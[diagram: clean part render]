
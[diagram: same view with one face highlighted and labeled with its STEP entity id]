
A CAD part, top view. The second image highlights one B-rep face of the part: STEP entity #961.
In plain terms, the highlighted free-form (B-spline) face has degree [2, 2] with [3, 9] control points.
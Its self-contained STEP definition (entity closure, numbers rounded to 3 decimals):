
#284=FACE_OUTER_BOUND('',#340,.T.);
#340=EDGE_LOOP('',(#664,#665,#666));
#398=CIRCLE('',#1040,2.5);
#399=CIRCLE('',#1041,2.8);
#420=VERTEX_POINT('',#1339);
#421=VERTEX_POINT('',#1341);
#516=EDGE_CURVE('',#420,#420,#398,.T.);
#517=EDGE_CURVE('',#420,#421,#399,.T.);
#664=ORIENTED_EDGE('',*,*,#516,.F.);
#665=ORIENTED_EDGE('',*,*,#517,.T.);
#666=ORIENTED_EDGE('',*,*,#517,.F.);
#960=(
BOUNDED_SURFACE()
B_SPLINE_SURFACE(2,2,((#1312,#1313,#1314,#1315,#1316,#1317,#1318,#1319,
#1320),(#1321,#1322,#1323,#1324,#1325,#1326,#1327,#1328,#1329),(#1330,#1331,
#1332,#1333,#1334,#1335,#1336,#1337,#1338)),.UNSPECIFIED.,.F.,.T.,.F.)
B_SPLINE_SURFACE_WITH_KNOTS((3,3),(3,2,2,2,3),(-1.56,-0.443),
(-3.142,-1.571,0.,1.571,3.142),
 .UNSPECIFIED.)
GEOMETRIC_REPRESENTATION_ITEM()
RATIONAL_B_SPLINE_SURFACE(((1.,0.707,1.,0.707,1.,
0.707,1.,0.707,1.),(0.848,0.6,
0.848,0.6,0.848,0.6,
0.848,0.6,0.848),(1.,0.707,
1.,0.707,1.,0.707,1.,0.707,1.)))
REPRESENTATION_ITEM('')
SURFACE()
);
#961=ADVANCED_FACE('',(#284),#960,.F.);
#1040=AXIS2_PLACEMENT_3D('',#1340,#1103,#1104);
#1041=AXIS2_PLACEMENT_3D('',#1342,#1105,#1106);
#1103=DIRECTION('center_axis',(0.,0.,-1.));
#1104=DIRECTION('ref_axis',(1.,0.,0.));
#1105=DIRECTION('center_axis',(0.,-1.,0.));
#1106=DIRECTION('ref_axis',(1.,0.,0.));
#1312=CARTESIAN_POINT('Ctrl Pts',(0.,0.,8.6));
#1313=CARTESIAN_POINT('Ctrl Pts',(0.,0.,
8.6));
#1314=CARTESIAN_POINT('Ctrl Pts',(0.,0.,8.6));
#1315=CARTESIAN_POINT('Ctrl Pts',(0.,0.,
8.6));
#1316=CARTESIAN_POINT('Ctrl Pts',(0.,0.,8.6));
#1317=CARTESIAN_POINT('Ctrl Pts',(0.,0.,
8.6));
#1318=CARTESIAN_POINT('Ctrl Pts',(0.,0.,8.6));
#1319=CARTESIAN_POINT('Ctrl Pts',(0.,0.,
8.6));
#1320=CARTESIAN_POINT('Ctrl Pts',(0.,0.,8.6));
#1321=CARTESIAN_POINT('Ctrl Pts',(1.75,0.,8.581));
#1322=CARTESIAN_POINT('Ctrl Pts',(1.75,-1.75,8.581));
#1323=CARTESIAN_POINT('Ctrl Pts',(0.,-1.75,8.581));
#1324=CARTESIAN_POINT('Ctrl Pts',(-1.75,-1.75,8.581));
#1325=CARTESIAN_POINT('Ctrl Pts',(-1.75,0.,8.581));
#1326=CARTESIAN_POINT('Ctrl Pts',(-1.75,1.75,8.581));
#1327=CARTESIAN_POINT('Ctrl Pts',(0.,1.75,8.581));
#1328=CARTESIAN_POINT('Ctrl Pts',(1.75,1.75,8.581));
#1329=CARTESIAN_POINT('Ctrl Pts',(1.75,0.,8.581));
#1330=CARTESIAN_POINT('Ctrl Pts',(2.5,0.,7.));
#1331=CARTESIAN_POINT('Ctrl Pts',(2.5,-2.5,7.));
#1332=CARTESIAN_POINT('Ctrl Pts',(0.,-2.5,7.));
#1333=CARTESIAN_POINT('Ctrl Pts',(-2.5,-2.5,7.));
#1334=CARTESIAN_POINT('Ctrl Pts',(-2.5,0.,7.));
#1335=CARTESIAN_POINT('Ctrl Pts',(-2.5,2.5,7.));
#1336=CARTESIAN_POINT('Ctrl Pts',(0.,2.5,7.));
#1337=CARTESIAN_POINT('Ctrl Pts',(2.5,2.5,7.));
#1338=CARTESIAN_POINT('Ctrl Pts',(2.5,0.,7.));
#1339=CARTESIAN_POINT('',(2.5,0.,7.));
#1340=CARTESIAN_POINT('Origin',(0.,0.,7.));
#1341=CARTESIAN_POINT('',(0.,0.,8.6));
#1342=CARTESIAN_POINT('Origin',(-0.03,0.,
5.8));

:::::

◆ Exercise details ◆
An exact copy of the data is needed.

◆ Expected answer ◆
[diagram: clean part render]
[diagram: same view with one face highlighted and labeled with its STEP entity id]
A CAD part, top view. The second image highlights one B-rep face of the part: STEP entity #961.
In plain terms, the highlighted free-form (B-spline) face has degree [2, 2] with [3, 9] control points.
Its self-contained STEP definition (entity closure, numbers rounded to 3 decimals):
#284=FACE_OUTER_BOUND('',#340,.T.);
#340=EDGE_LOOP('',(#664,#665,#666));
#398=CIRCLE('',#1040,2.5);
#399=CIRCLE('',#1041,2.8);
#420=VERTEX_POINT('',#1339);
#421=VERTEX_POINT('',#1341);
#516=EDGE_CURVE('',#420,#420,#398,.T.);
#517=EDGE_CURVE('',#420,#421,#399,.T.);
#664=ORIENTED_EDGE('',*,*,#516,.F.);
#665=ORIENTED_EDGE('',*,*,#517,.T.);
#666=ORIENTED_EDGE('',*,*,#517,.F.);
#960=(
BOUNDED_SURFACE()
B_SPLINE_SURFACE(2,2,((#1312,#1313,#1314,#1315,#1316,#1317,#1318,#1319,
#1320),(#1321,#1322,#1323,#1324,#1325,#1326,#1327,#1328,#1329),(#1330,#1331,
#1332,#1333,#1334,#1335,#1336,#1337,#1338)),.UNSPECIFIED.,.F.,.T.,.F.)
B_SPLINE_SURFACE_WITH_KNOTS((3,3),(3,2,2,2,3),(-1.56,-0.443),
(-3.142,-1.571,0.,1.571,3.142),
 .UNSPECIFIED.)
GEOMETRIC_REPRESENTATION_ITEM()
RATIONAL_B_SPLINE_SURFACE(((1.,0.707,1.,0.707,1.,
0.707,1.,0.707,1.),(0.848,0.6,
0.848,0.6,0.848,0.6,
0.848,0.6,0.848),(1.,0.707,
1.,0.707,1.,0.707,1.,0.707,1.)))
REPRESENTATION_ITEM('')
SURFACE()
);
#961=ADVANCED_FACE('',(#284),#960,.F.);
#1040=AXIS2_PLACEMENT_3D('',#1340,#1103,#1104);
#1041=AXIS2_PLACEMENT_3D('',#1342,#1105,#1106);
#1103=DIRECTION('center_axis',(0.,0.,-1.));
#1104=DIRECTION('ref_axis',(1.,0.,0.));
#1105=DIRECTION('center_axis',(0.,-1.,0.));
#1106=DIRECTION('ref_axis',(1.,0.,0.));
#1312=CARTESIAN_POINT('Ctrl Pts',(0.,0.,8.6));
#1313=CARTESIAN_POINT('Ctrl Pts',(0.,0.,
8.6));
#1314=CARTESIAN_POINT('Ctrl Pts',(0.,0.,8.6));
#1315=CARTESIAN_POINT('Ctrl Pts',(0.,0.,
8.6));
#1316=CARTESIAN_POINT('Ctrl Pts',(0.,0.,8.6));
#1317=CARTESIAN_POINT('Ctrl Pts',(0.,0.,
8.6));
#1318=CARTESIAN_POINT('Ctrl Pts',(0.,0.,8.6));
#1319=CARTESIAN_POINT('Ctrl Pts',(0.,0.,
8.6));
#1320=CARTESIAN_POINT('Ctrl Pts',(0.,0.,8.6));
#1321=CARTESIAN_POINT('Ctrl Pts',(1.75,0.,8.581));
#1322=CARTESIAN_POINT('Ctrl Pts',(1.75,-1.75,8.581));
#1323=CARTESIAN_POINT('Ctrl Pts',(0.,-1.75,8.581));
#1324=CARTESIAN_POINT('Ctrl Pts',(-1.75,-1.75,8.581));
#1325=CARTESIAN_POINT('Ctrl Pts',(-1.75,0.,8.581));
#1326=CARTESIAN_POINT('Ctrl Pts',(-1.75,1.75,8.581));
#1327=CARTESIAN_POINT('Ctrl Pts',(0.,1.75,8.581));
#1328=CARTESIAN_POINT('Ctrl Pts',(1.75,1.75,8.581));
#1329=CARTESIAN_POINT('Ctrl Pts',(1.75,0.,8.581));
#1330=CARTESIAN_POINT('Ctrl Pts',(2.5,0.,7.));
#1331=CARTESIAN_POINT('Ctrl Pts',(2.5,-2.5,7.));
#1332=CARTESIAN_POINT('Ctrl Pts',(0.,-2.5,7.));
#1333=CARTESIAN_POINT('Ctrl Pts',(-2.5,-2.5,7.));
#1334=CARTESIAN_POINT('Ctrl Pts',(-2.5,0.,7.));
#1335=CARTESIAN_POINT('Ctrl Pts',(-2.5,2.5,7.));
#1336=CARTESIAN_POINT('Ctrl Pts',(0.,2.5,7.));
#1337=CARTESIAN_POINT('Ctrl Pts',(2.5,2.5,7.));
#1338=CARTESIAN_POINT('Ctrl Pts',(2.5,0.,7.));
#1339=CARTESIAN_POINT('',(2.5,0.,7.));
#1340=CARTESIAN_POINT('Origin',(0.,0.,7.));
#1341=CARTESIAN_POINT('',(0.,0.,8.6));
#1342=CARTESIAN_POINT('Origin',(-0.03,0.,
5.8));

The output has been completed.